*EXERCISE REQUIREMENTS:* Only one stretch of the data is wanted: the line containing "Axial lung CT", the line containing "City: calgary", and every line between them, copied exactly.

*MATERIALS PROVIDED:*
......

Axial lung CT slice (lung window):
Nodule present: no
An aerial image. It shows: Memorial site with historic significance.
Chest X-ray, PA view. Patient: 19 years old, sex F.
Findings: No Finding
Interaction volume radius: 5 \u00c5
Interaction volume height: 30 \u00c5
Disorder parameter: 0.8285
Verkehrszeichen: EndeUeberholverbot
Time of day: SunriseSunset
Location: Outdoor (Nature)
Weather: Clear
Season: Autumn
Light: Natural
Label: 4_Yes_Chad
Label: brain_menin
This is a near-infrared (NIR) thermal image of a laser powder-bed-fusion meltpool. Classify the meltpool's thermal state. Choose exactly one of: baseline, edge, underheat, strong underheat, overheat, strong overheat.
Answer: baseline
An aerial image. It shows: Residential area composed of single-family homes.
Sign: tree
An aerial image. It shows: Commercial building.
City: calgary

......

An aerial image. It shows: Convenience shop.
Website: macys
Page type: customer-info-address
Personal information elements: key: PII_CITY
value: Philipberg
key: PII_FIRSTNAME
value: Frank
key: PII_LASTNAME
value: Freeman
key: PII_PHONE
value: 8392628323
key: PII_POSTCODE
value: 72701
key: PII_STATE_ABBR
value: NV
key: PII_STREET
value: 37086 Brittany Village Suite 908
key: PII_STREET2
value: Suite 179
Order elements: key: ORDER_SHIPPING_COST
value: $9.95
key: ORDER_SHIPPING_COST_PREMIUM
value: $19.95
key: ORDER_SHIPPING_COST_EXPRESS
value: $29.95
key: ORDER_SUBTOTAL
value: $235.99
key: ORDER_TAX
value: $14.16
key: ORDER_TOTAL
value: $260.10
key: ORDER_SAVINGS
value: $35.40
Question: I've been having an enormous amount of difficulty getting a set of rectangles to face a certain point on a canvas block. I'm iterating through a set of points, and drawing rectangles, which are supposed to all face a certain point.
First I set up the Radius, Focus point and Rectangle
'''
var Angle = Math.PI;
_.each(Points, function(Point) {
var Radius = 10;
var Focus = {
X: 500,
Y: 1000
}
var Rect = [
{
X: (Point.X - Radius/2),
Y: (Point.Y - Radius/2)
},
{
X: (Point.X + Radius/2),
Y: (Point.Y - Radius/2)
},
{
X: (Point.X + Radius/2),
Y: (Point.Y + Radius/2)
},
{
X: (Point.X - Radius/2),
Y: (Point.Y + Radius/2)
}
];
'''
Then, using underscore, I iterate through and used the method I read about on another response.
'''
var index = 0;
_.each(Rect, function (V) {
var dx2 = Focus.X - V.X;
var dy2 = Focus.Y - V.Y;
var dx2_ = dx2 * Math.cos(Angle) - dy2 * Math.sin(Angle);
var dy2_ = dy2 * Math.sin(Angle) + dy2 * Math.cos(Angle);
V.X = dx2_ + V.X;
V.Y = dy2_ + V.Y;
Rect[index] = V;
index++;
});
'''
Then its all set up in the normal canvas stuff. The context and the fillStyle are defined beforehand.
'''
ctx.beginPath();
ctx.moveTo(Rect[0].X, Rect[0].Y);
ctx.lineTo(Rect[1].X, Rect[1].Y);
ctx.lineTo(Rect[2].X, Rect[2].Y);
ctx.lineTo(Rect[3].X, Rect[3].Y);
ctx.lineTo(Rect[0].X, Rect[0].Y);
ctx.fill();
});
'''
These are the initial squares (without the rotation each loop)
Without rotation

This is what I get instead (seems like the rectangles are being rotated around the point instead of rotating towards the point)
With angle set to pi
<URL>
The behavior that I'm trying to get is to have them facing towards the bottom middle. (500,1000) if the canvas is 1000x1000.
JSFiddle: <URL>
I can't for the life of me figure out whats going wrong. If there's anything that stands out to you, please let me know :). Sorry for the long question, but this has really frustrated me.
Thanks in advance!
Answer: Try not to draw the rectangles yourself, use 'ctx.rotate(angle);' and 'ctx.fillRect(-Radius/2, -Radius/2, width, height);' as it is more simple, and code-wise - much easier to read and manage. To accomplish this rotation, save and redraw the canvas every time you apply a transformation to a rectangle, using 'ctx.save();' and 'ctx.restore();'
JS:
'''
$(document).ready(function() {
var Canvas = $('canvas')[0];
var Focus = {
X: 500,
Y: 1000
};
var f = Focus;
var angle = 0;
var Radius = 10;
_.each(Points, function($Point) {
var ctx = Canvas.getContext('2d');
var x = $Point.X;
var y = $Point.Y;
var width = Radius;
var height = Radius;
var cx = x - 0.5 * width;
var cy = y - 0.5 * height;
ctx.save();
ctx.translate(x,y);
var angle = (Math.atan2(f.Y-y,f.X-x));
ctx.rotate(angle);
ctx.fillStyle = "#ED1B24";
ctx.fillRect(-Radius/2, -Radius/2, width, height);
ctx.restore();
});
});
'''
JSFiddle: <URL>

......

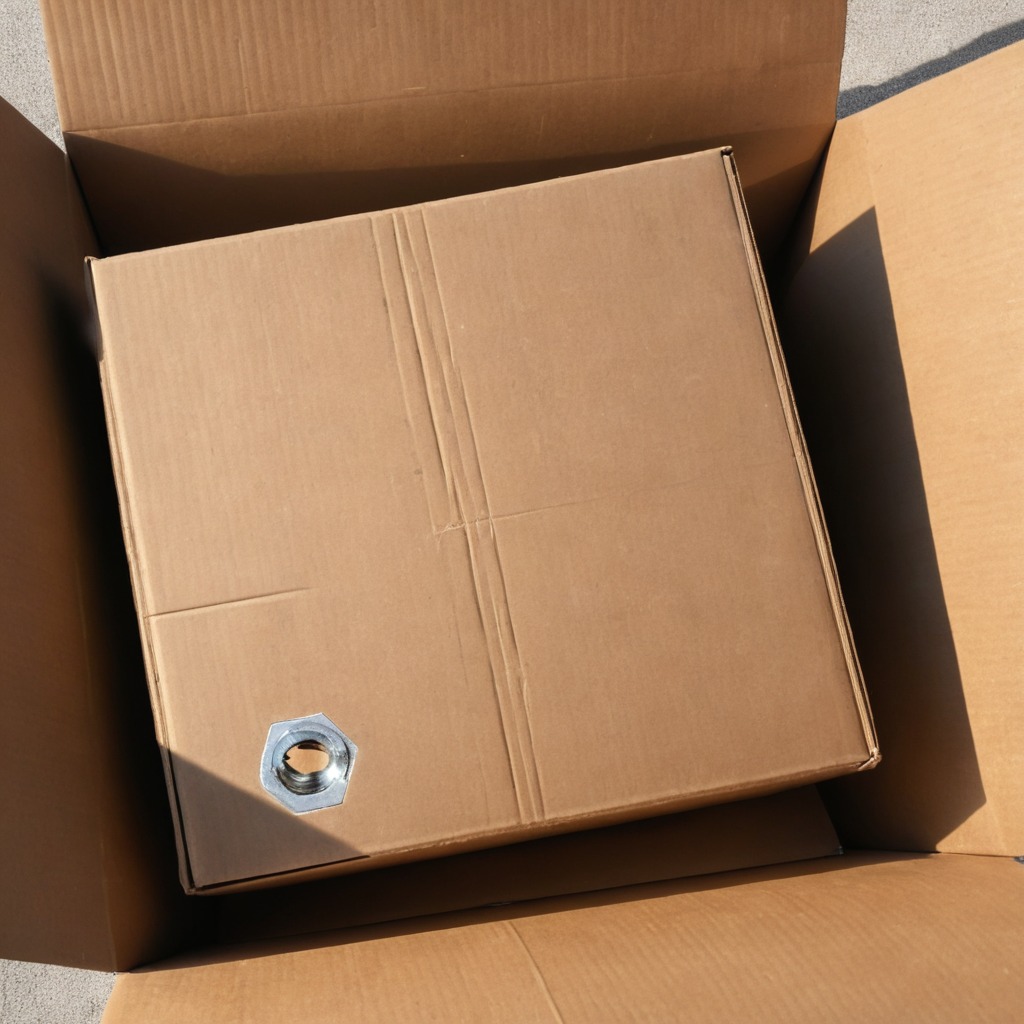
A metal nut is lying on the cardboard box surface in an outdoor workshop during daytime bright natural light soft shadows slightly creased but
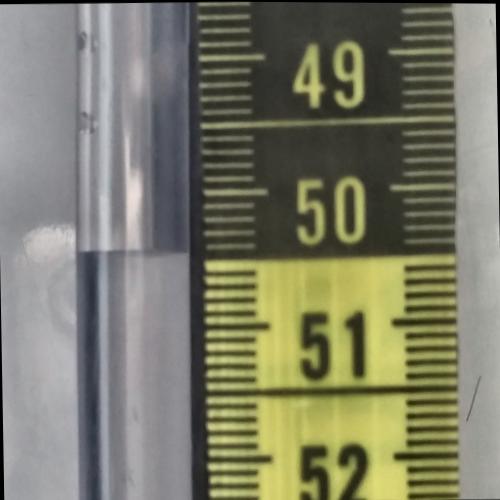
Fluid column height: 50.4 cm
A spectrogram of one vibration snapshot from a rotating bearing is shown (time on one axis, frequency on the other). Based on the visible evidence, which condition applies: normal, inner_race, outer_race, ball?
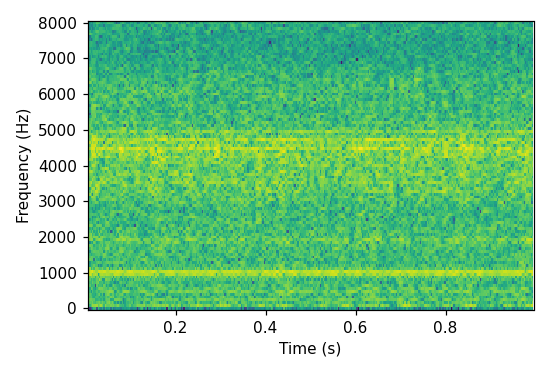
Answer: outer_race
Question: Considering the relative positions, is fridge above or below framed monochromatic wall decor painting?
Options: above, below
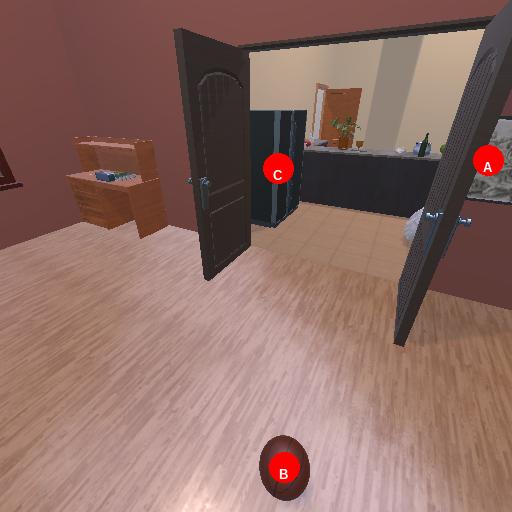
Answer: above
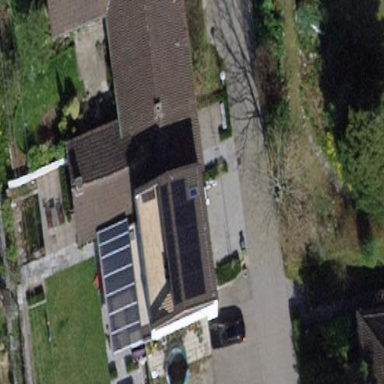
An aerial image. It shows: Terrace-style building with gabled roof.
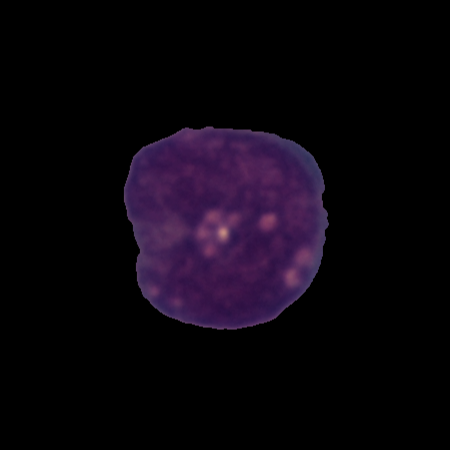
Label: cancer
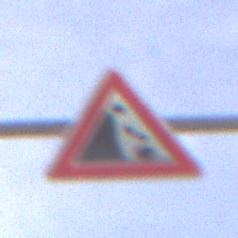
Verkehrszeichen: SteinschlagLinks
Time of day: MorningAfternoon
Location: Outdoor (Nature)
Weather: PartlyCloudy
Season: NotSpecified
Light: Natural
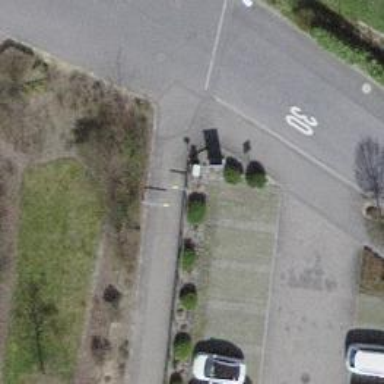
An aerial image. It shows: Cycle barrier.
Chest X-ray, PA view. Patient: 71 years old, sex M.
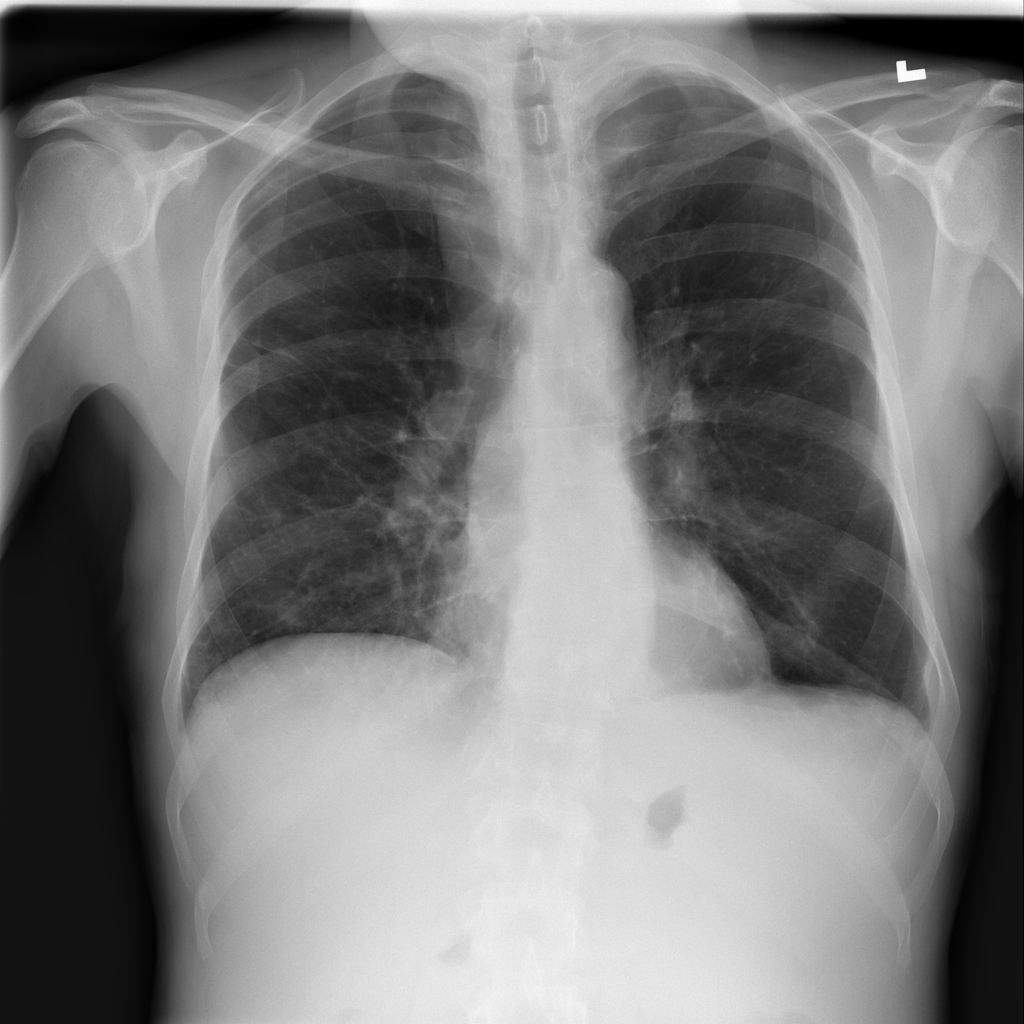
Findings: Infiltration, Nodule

......

*RESULT FOR THIS EXERCISE:*
Axial lung CT slice (lung window):
Nodule present: no
An aerial image. It shows: Memorial site with historic significance.
Chest X-ray, PA view. Patient: 19 years old, sex F.
Findings: No Finding
Interaction volume radius: 5 \u00c5
Interaction volume height: 30 \u00c5
Disorder parameter: 0.8285
Verkehrszeichen: EndeUeberholverbot
Time of day: SunriseSunset
Location: Outdoor (Nature)
Weather: Clear
Season: Autumn
Light: Natural
Label: 4_Yes_Chad
Label: brain_menin
This is a near-infrared (NIR) thermal image of a laser powder-bed-fusion meltpool. Classify the meltpool's thermal state. Choose exactly one of: baseline, edge, underheat, strong underheat, overheat, strong overheat.
Answer: baseline
An aerial image. It shows: Residential area composed of single-family homes.
Sign: tree
An aerial image. It shows: Commercial building.
City: calgary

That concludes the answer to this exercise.